My wife and I have discovered another divergence in our understanding of an English word (cf. sleet); this time it’s woozy. It turns out she understands this to mean a slight feeling of nausea (for her, it’s synonymous with queasy); for me, it means ‘dizzy.’ I turned to AHD to see what lexicography had to say, and discovered, to my horror, the following:

1. Dazed or confused.
2. Dizzy or queasy.

“Dizzy or queasy”? What the hell kind of definition is that? You might as well define a word as “Cat or bedspread.” When I’m dizzy, I’m not queasy, and vice versa; I can imagine having both conditions at once, just as a cat can on occasion serve as a sort of bedspread, but come on.
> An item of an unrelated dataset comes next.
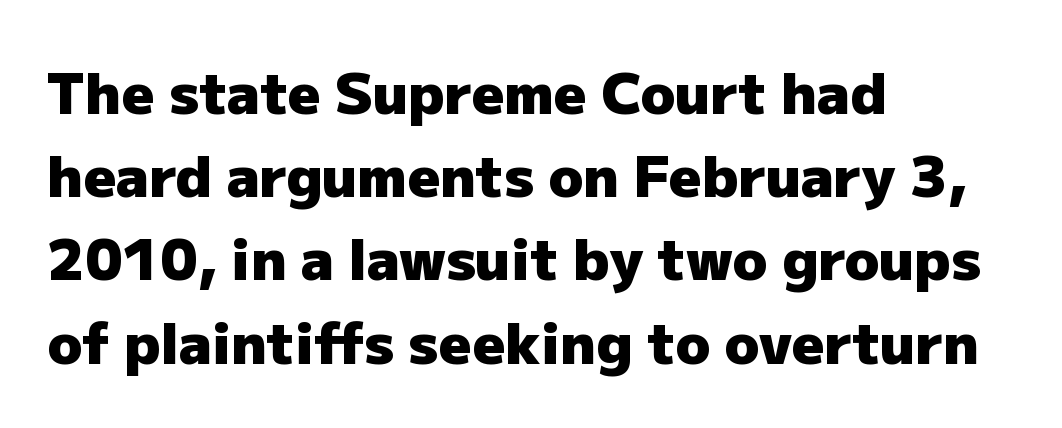
This rendering uses left alignment, leaving the right contour irregular. Vertically, the passage feels balanced, rows spaced as you'd expect. Nothing sits at the stroke ends, so this counts as sans-serif. The passage shown is typed in a proportional face where columns would drift.

So I tried M-W:

1 : mentally unclear or hazy // seems a little woozy, not quite knowing what to say— J. A. Lukacs
2 : affected with dizziness, mild nausea, or weakness
3 : having a soft, indistinct, or unfocused quality : vague, fuzzy

That’s even worse: “dizziness, mild nausea, or weakness” (“a cat, a bedspread, or a napkin”). Finally, the OED (not fully updated since 1928) has:

1. Dizzy or unsteady as when fuddled with drink; muzzy; ‘dotty’.
1897 Voice (N.Y.) 22 Apr. 3/2 In the woozy lexicon of the voting church there is no such word as power. […]
2. Representing or marked by muddled thinking or unclear expression; lacking rigour or discipline; sloppy.
1941 W. H. Auden New Year Let. ii. 37 All vague idealistic art..Is up his alley, and his pigeon The woozier species of religion. […]

I don’t often say this sort of thing, but woozy seems like a completely useless word, since it’s impossible to know what it means. At any rate, I turn to the assembled Hatters: what does woozy mean to you?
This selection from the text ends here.